Diao Chan looked surprised. “He really said that?”
“What.” Zhao Meiyou set down his milk cup. “Noble Consort can speak like a human when he isn’t suffering from indigestion.”
Diao Chan seemed reluctant to believe it. “He wasn’t like that before—I mean, before he came to the Lower District. Never heard him say anyone was stronger than him.”
“Damn, that cocky?”
“Xi Shi, there’s something you don’t know.” Diao Chan set down his chopsticks and spoke earnestly. “The Noble Consort may only be a few years older than us, but he’s already a seasoned archaeologist with plenty of credentials. His talent is exceptional, and he got into the field early. Among his peers from that year, calling him the strongest wouldn’t be an exaggeration.”
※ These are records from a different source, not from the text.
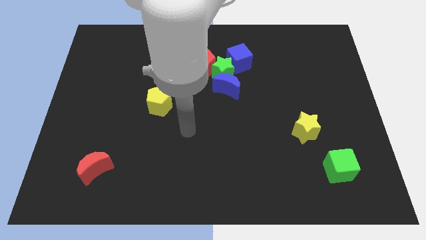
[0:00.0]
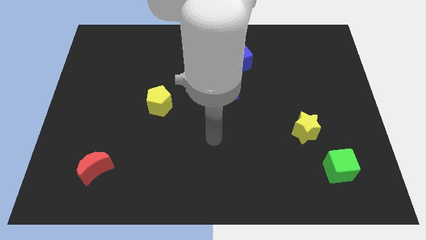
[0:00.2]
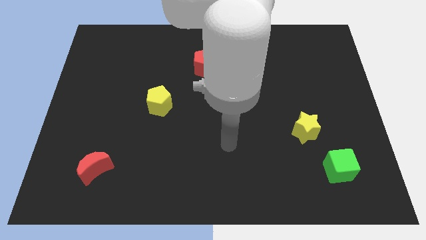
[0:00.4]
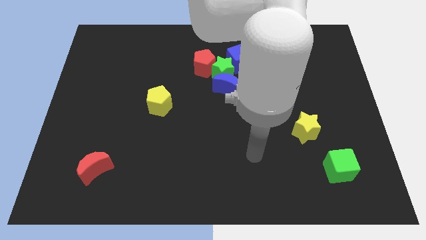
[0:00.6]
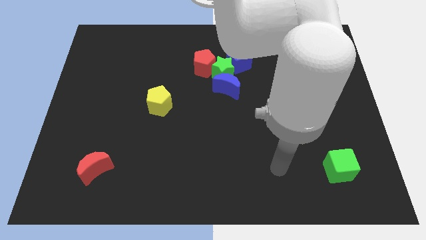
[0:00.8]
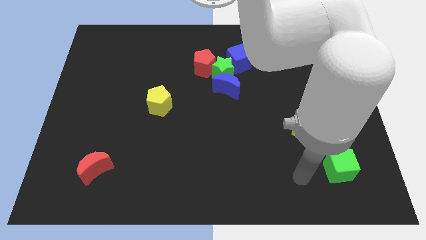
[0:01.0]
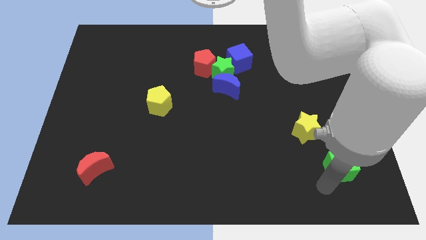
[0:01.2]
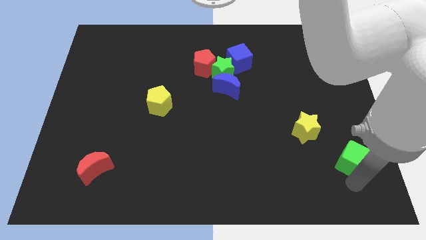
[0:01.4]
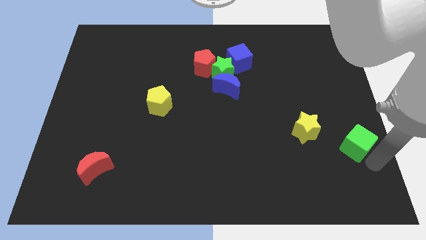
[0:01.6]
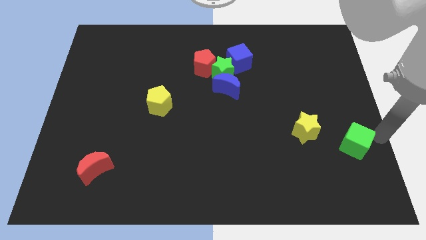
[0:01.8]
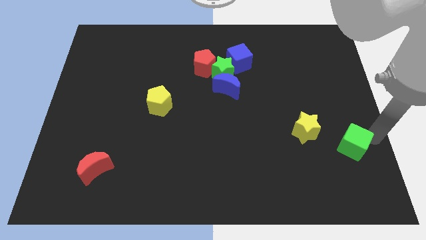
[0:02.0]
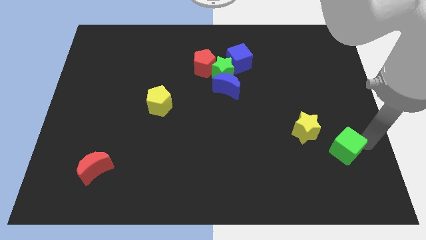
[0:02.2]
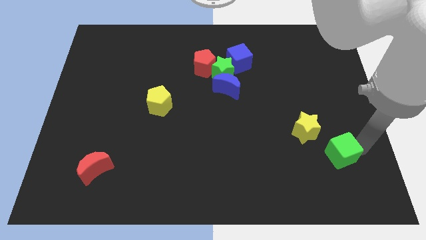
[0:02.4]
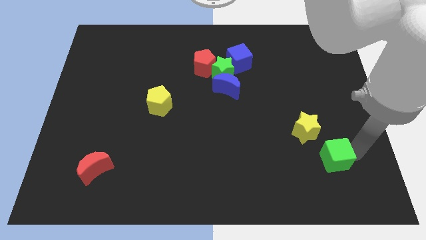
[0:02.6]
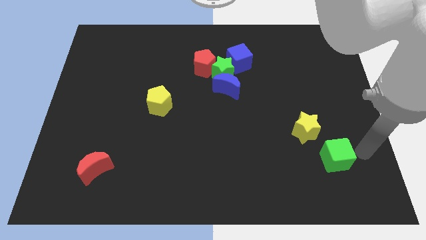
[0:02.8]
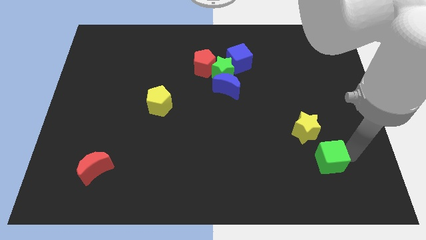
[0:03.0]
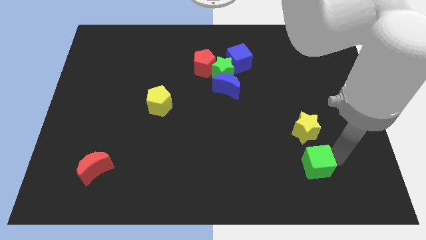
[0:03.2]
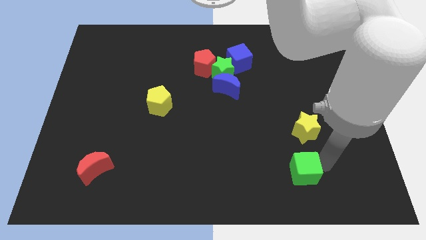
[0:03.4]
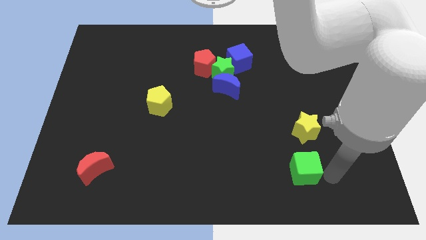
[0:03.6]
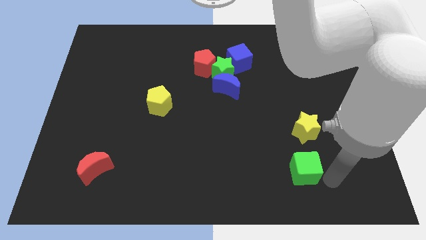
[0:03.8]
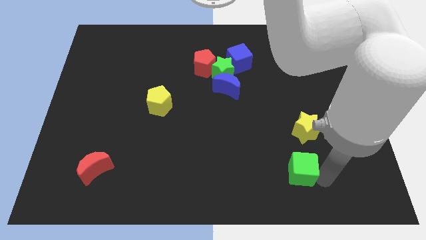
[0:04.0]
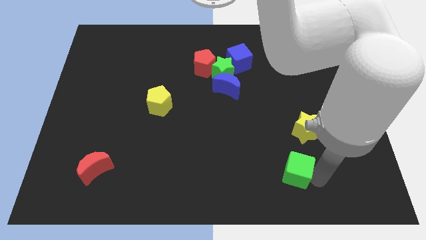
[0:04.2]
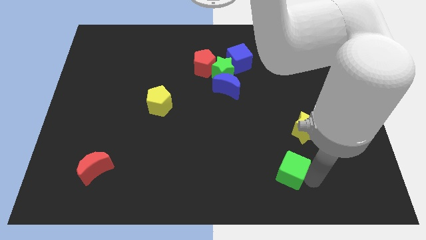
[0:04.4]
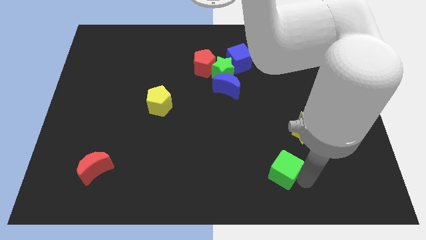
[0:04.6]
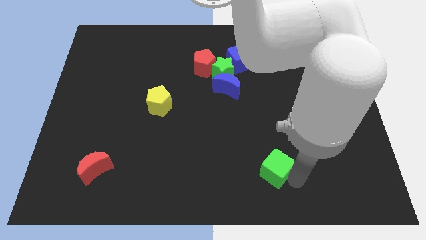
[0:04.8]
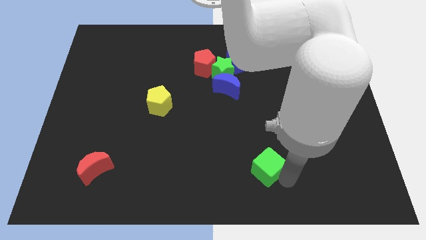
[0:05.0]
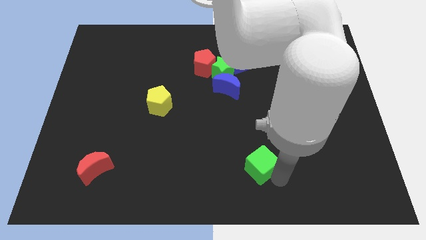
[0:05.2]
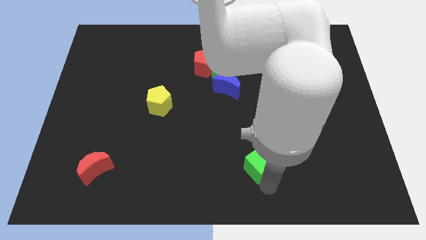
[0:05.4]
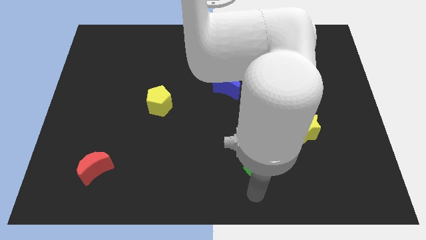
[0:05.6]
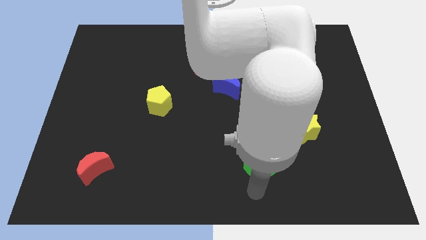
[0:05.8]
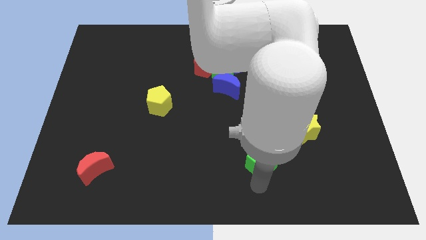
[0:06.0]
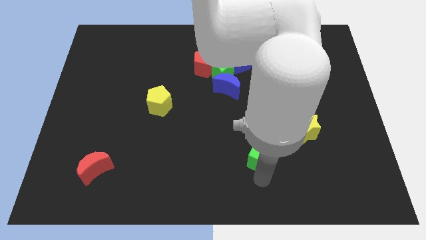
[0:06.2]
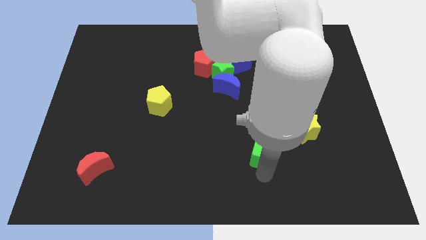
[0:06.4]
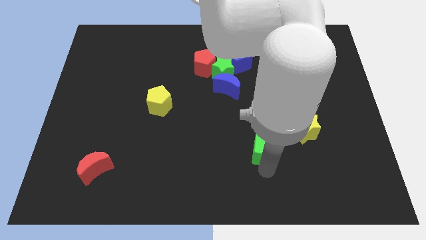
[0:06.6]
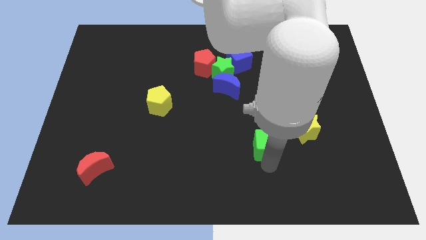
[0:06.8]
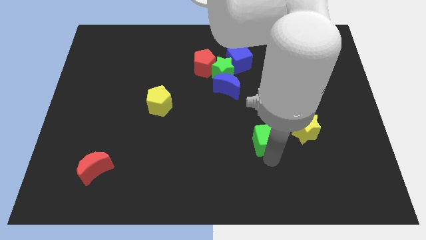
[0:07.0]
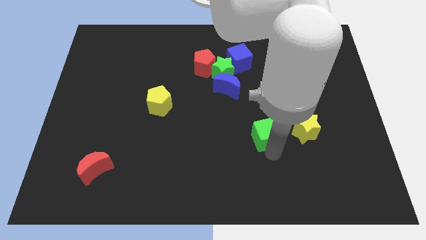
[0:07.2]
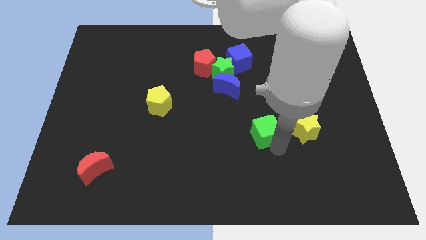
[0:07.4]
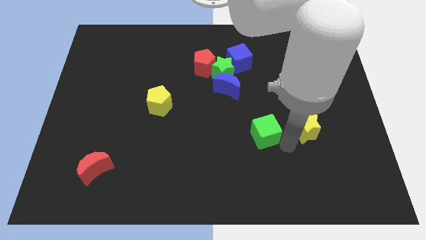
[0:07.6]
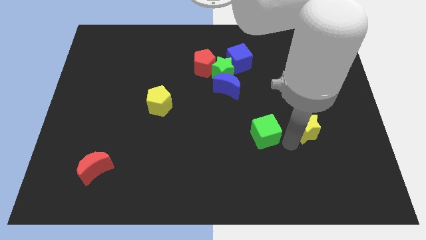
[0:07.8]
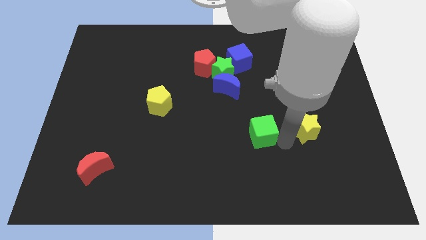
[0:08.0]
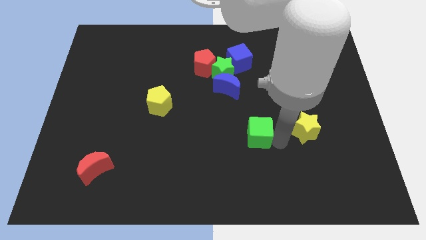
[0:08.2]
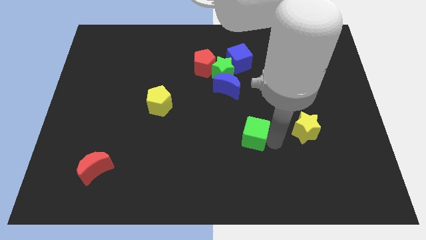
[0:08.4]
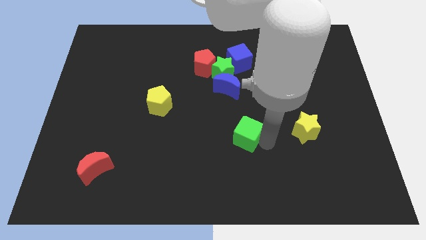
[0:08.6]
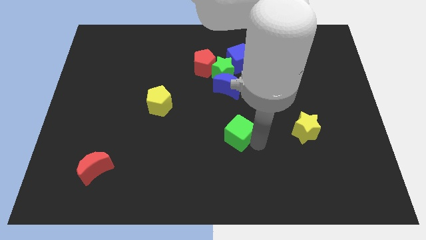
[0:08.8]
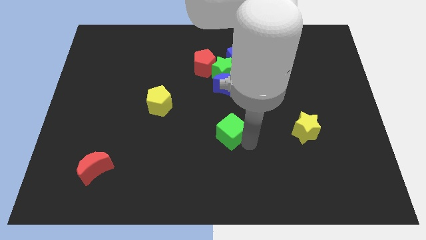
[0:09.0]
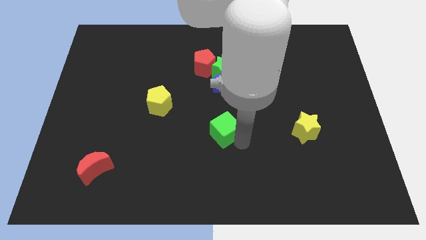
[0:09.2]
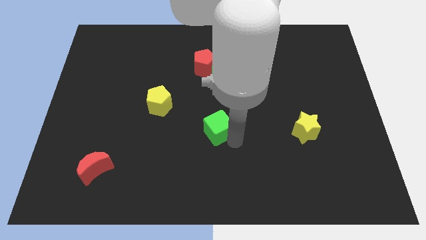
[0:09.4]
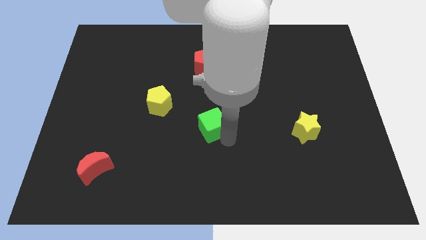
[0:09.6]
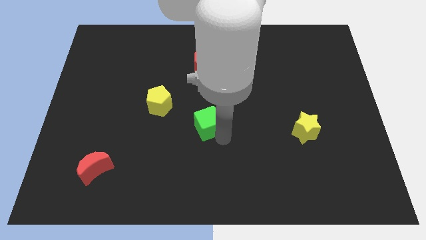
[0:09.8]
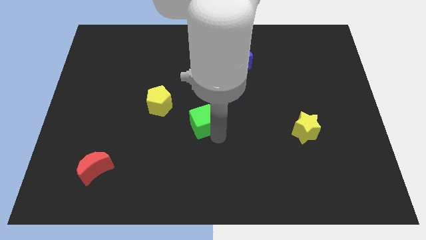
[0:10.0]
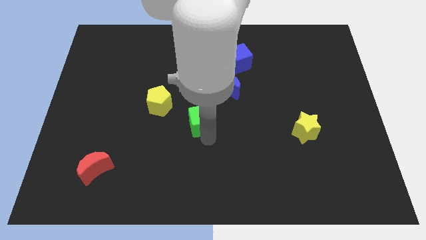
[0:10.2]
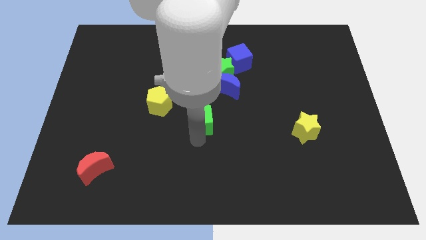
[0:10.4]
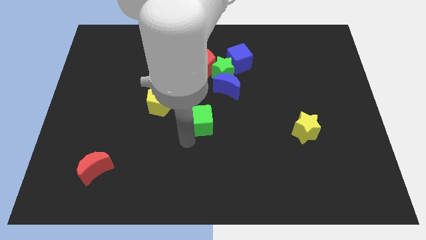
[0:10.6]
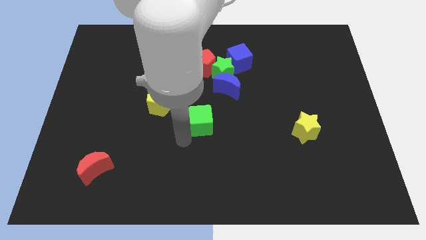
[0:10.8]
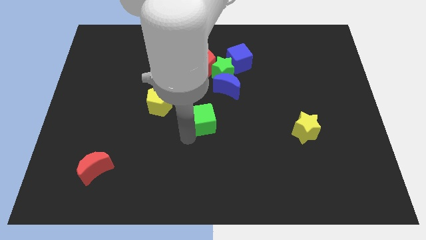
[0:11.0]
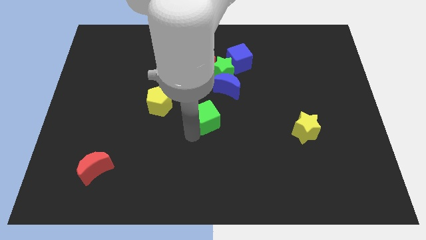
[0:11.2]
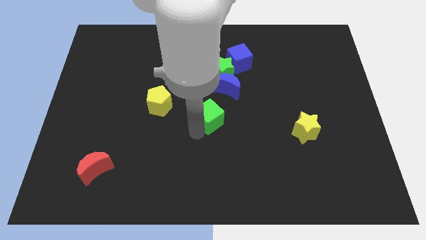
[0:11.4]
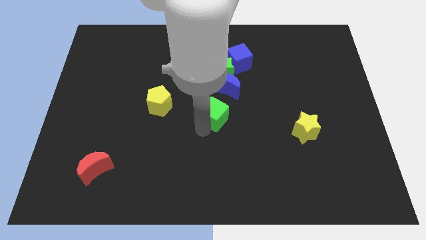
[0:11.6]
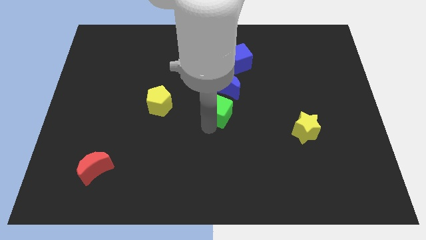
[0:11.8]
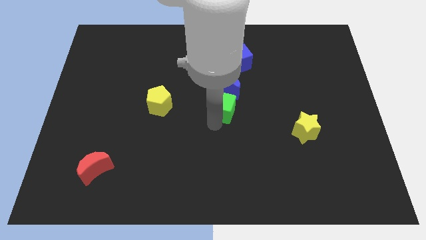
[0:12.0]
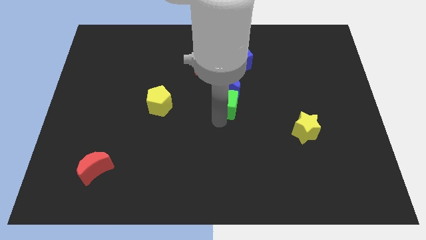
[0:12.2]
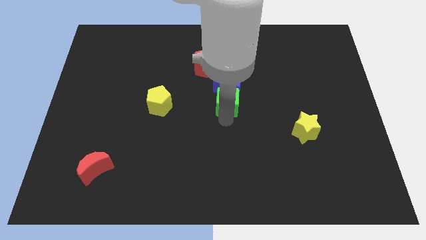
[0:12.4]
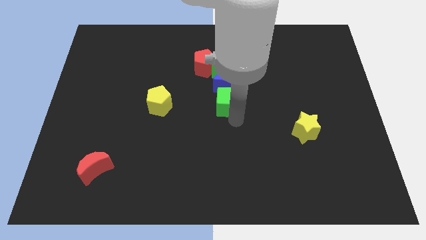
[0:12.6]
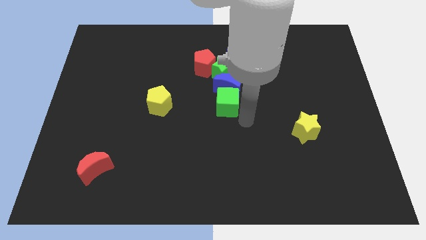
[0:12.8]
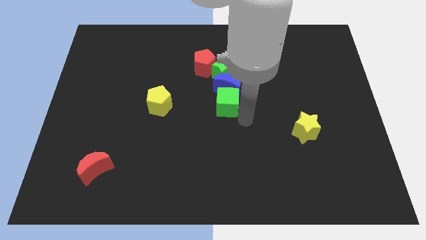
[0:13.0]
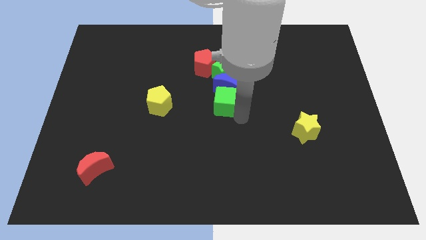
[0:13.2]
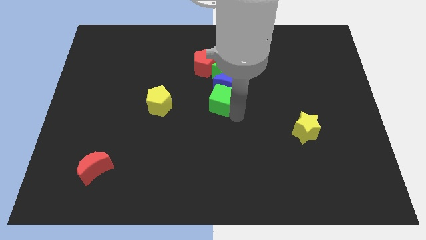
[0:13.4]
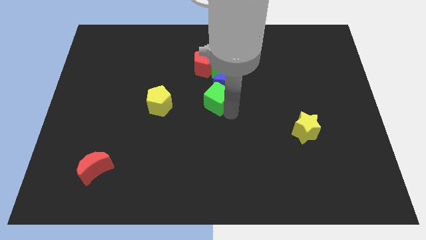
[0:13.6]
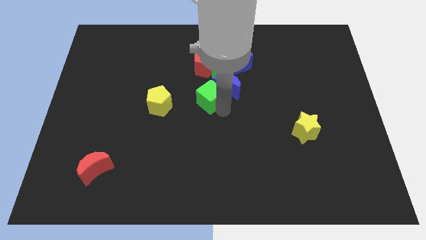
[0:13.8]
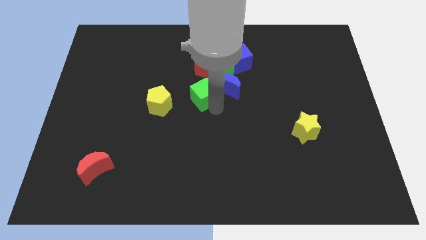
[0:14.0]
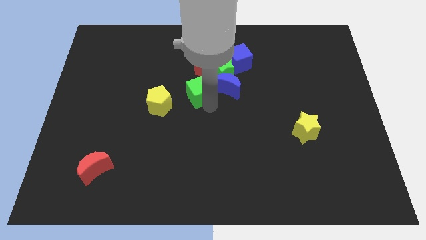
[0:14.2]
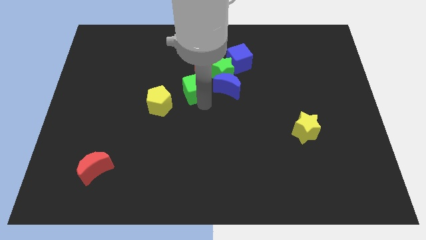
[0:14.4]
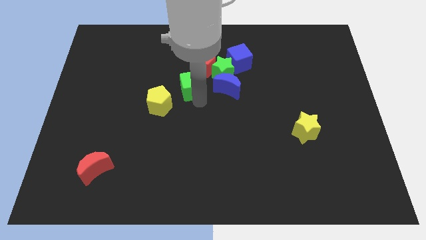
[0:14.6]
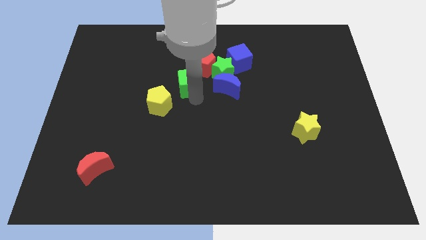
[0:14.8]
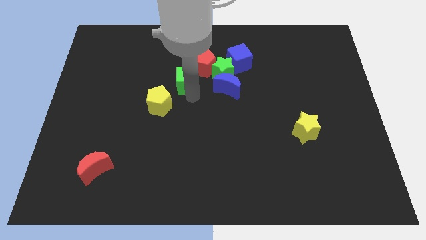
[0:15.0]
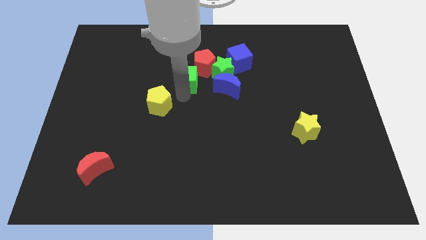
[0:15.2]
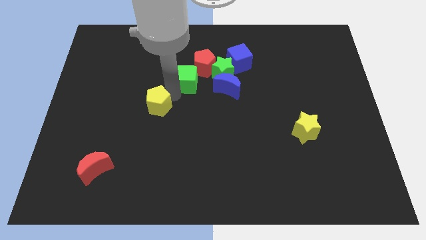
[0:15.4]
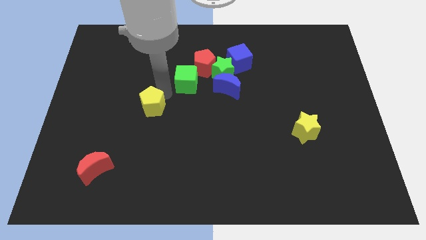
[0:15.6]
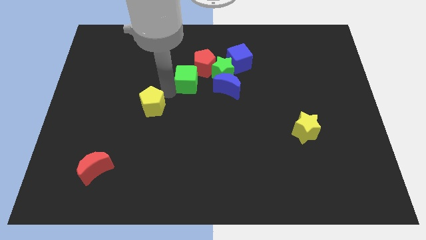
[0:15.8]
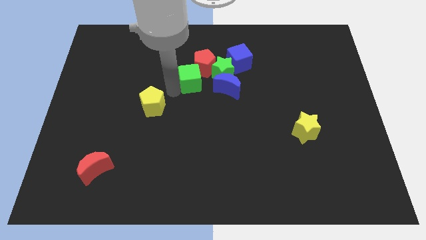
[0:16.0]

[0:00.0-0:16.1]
slide the green cube to the red pentagon

Back then, Diao Chan had just entered the profession, right in time for the archaeologists’ gathering that happened once every decade. The event was held on the 777th Layer. There were many rules for the assembly, and the first one was that attendees should ideally wear masks—not mandatory, but based on past events, those who revealed their identities often ended up dead from rival intrigue.
“You know that the 777th Layer is the entrance to Site A173,” Diao Chan continued. “On the day of the gathering, the Noble Consort had just finished an exploration mission. He must have stirred up quite a commotion inside the site because the quantum aftershock he created when he emerged nearly flipped an entire street.”
Diao Chan still remembered that scene vividly—the young man bursting out of the exit astride a massive dragon.
It was the iconic azure dragon from ancient Eastern myths, with whiskers and horns like fine jade glass. The youth, dressed in traditional Tang robes, laughed heartily as he ripped off his mask, his sleeve rolled up to reveal a strip of white silk.